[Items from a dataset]
────────
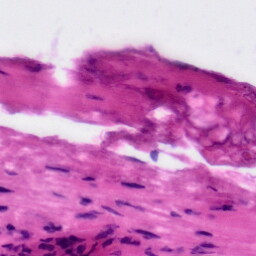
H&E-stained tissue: Tonsil
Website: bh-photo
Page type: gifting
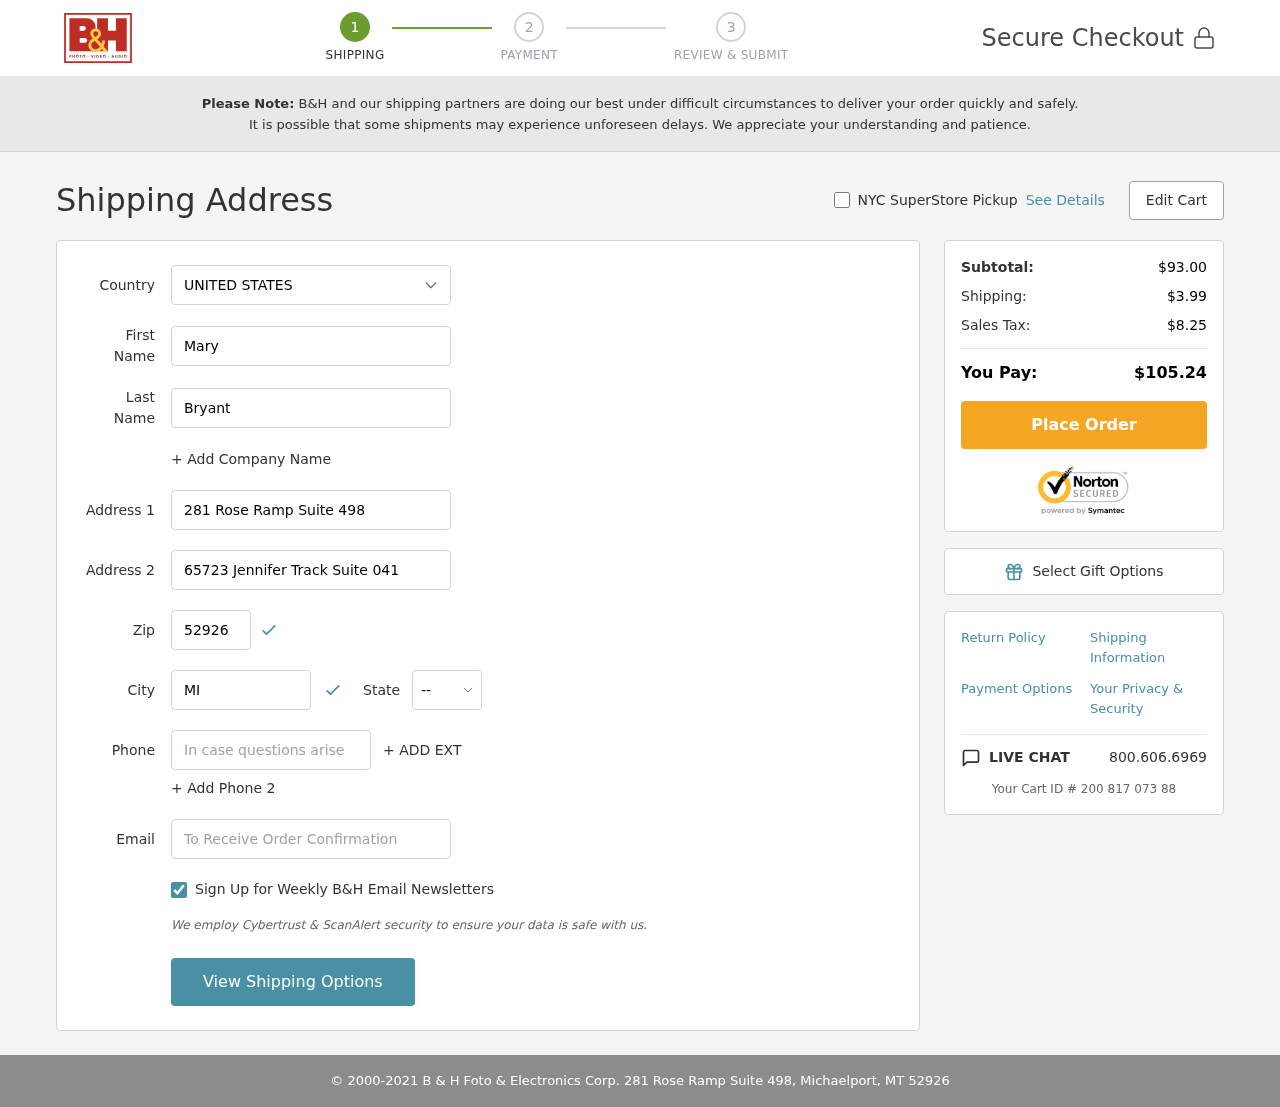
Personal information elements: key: PII_CITY
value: Michaelport
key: PII_COUNTRY
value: United States
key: PII_EMAIL
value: mary.bryant@yahoo.com
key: PII_FIRSTNAME
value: Mary
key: PII_LASTNAME
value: Bryant
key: PII_PHONE
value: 2049894984
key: PII_POSTCODE
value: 52926
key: PII_STATE_ABBR
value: MT
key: PII_STREET
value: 281 Rose Ramp Suite 498
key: PII_STREET2
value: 65723 Jennifer Track Suite 041
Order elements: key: ORDER_SUBTOTAL
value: $93.00
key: ORDER_SHIPPING_COST
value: $3.99
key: ORDER_TAX
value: $8.25
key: ORDER_TOTAL
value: $105.24
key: ORDER_ID
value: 200 817 073 88
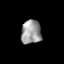
Tissue: skin
Cell type: Epithelial cells
Senescence score: 0.2689
Nuclear area (px): 470
Mean DAPI intensity: 155.411
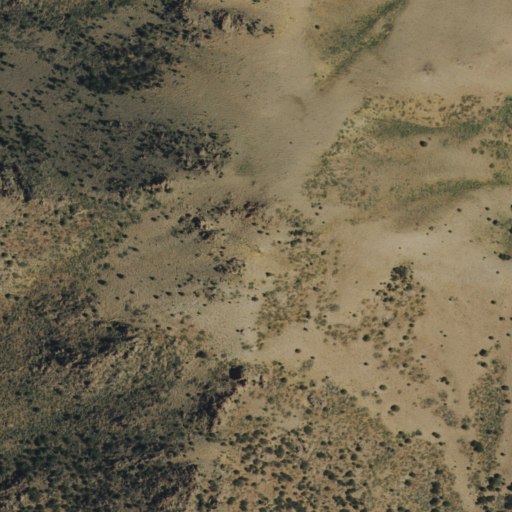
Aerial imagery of mountain in Nevada named Sharp Peak containing shrub and evergreen forest
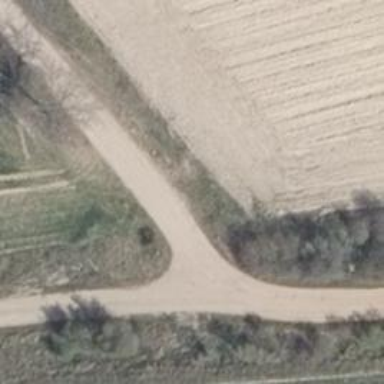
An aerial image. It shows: Sandy track road with grade4 tracktype.
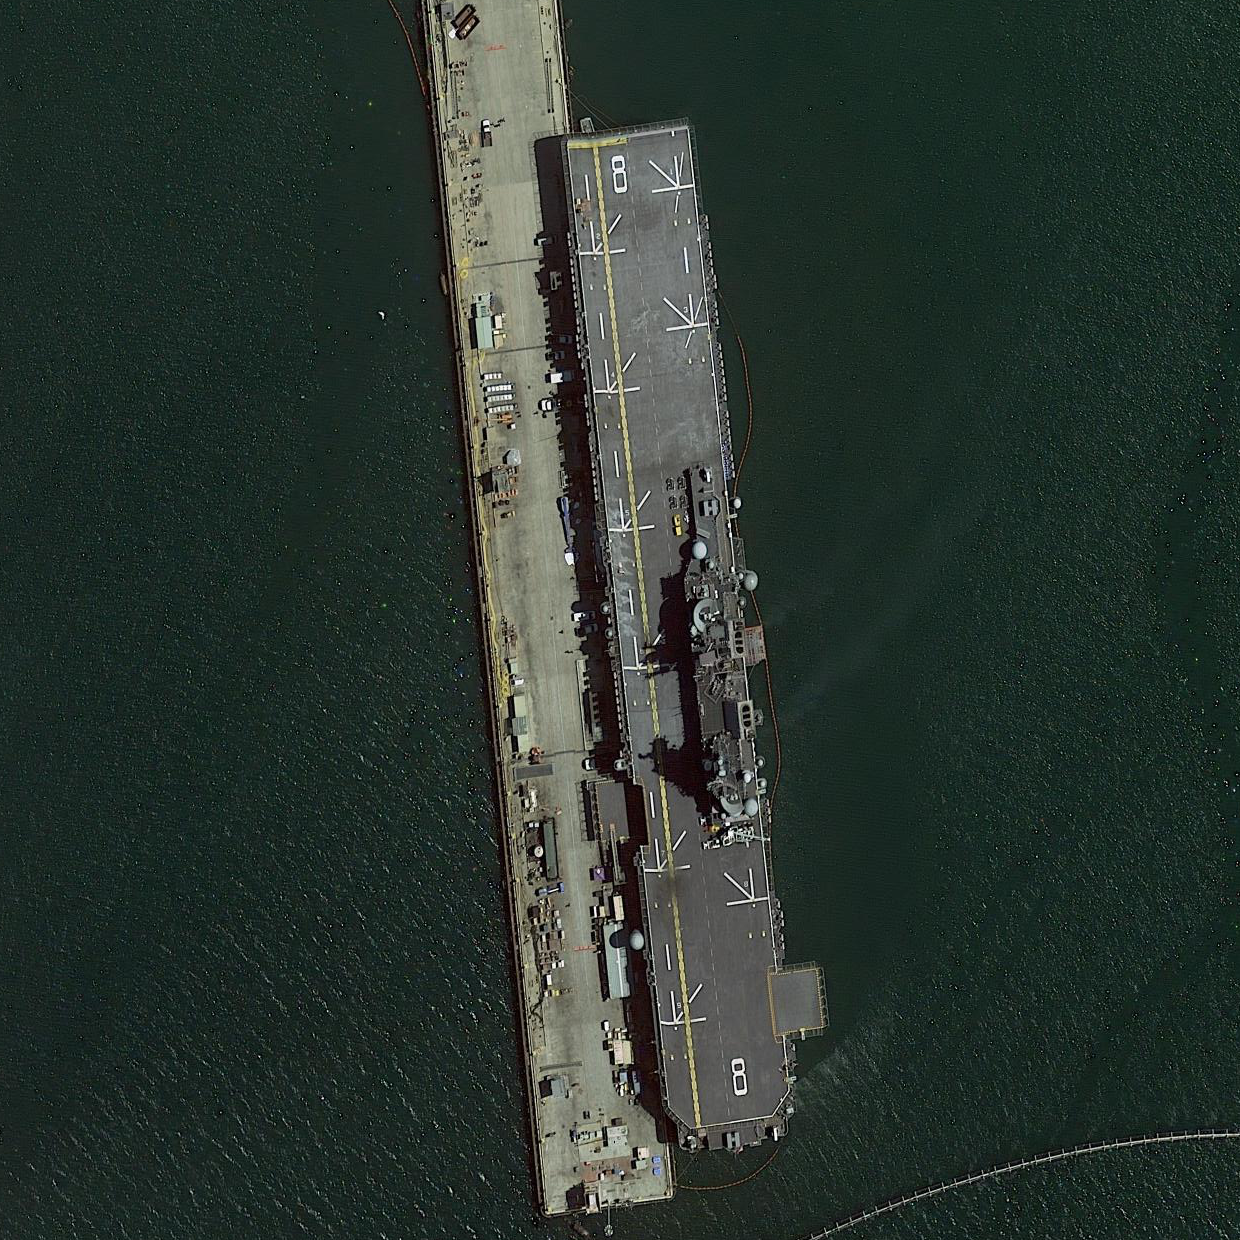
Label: assault
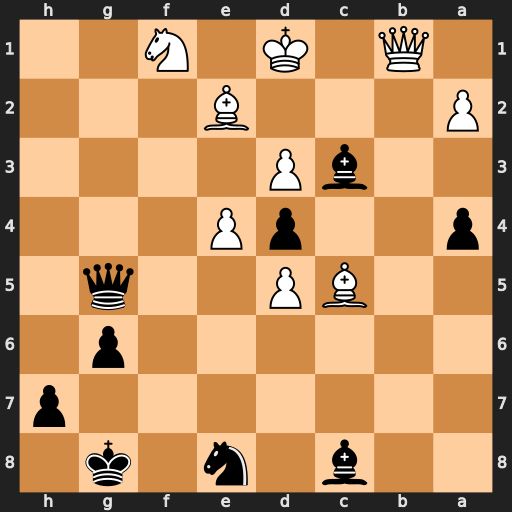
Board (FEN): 2b1n1k1/7p/6p1/2BP2q1/p2pP3/2bP4/P3B3/1Q1K1N2
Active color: b
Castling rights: -
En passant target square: -
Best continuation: Bg4 Kc2 Bxe2
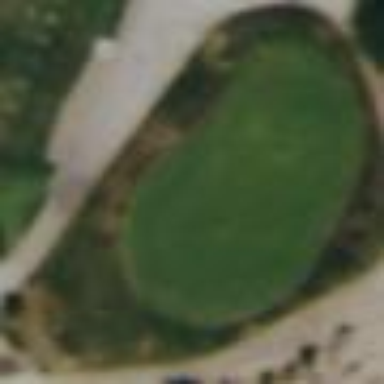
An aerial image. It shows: Rough area on grassy golf course.
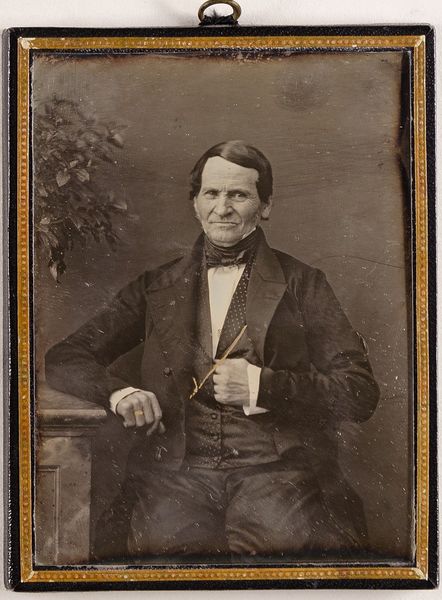
Titel: Unbekannter Mann
Künstler: Emilie Bieber
Standort: Hamburg
Institution: Museum für Kunst und Gewerbe Hamburg
Schlagwörter: mann, gesten, portrait, figur, foto, fotografie, photographie, photo, lichtbild, handkoloriert, daguerreotypie, bildwerke, angewandte und bildende kunst, hessische systematik, porträt, armhaltungen, porträtfotografie, porträtphotographie, hüftbild, handkolorierung
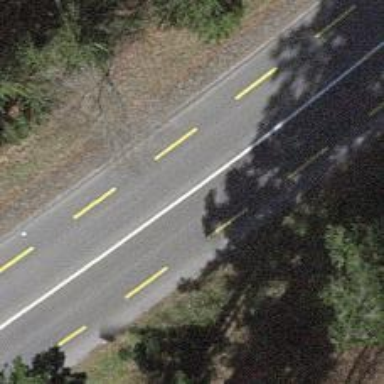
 equipped with cycle lanes on both sides."
────────
Work task => Give back the entries above exactly as they stand. Leave the images out.

Solution for this task =>
H&E-stained tissue: Tonsil
Website: bh-photo
Page type: gifting
Personal information elements: key: PII_CITY
value: Michaelport
key: PII_COUNTRY
value: United States
key: PII_EMAIL
value: mary.bryant@yahoo.com
key: PII_FIRSTNAME
value: Mary
key: PII_LASTNAME
value: Bryant
key: PII_PHONE
value: 2049894984
key: PII_POSTCODE
value: 52926
key: PII_STATE_ABBR
value: MT
key: PII_STREET
value: 281 Rose Ramp Suite 498
key: PII_STREET2
value: 65723 Jennifer Track Suite 041
Order elements: key: ORDER_SUBTOTAL
value: $93.00
key: ORDER_SHIPPING_COST
value: $3.99
key: ORDER_TAX
value: $8.25
key: ORDER_TOTAL
value: $105.24
key: ORDER_ID
value: 200 817 073 88
Tissue: skin
Cell type: Epithelial cells
Senescence score: 0.2689
Nuclear area (px): 470
Mean DAPI intensity: 155.411
Aerial imagery of mountain in Nevada named Sharp Peak containing shrub and evergreen forest
An aerial image. It shows: Sandy track road with grade4 tracktype.
Label: assault
Board (FEN): 2b1n1k1/7p/6p1/2BP2q1/p2pP3/2bP4/P3B3/1Q1K1N2
Active color: b
Castling rights: -
En passant target square: -
Best continuation: Bg4 Kc2 Bxe2
An aerial image. It shows: Rough area on grassy golf course.
Titel: Unbekannter Mann
Künstler: Emilie Bieber
Standort: Hamburg
Institution: Museum für Kunst und Gewerbe Hamburg
Schlagwörter: mann, gesten, portrait, figur, foto, fotografie, photographie, photo, lichtbild, handkoloriert, daguerreotypie, bildwerke, angewandte und bildende kunst, hessische systematik, porträt, armhaltungen, porträtfotografie, porträtphotographie, hüftbild, handkolorierung
 equipped with cycle lanes on both sides."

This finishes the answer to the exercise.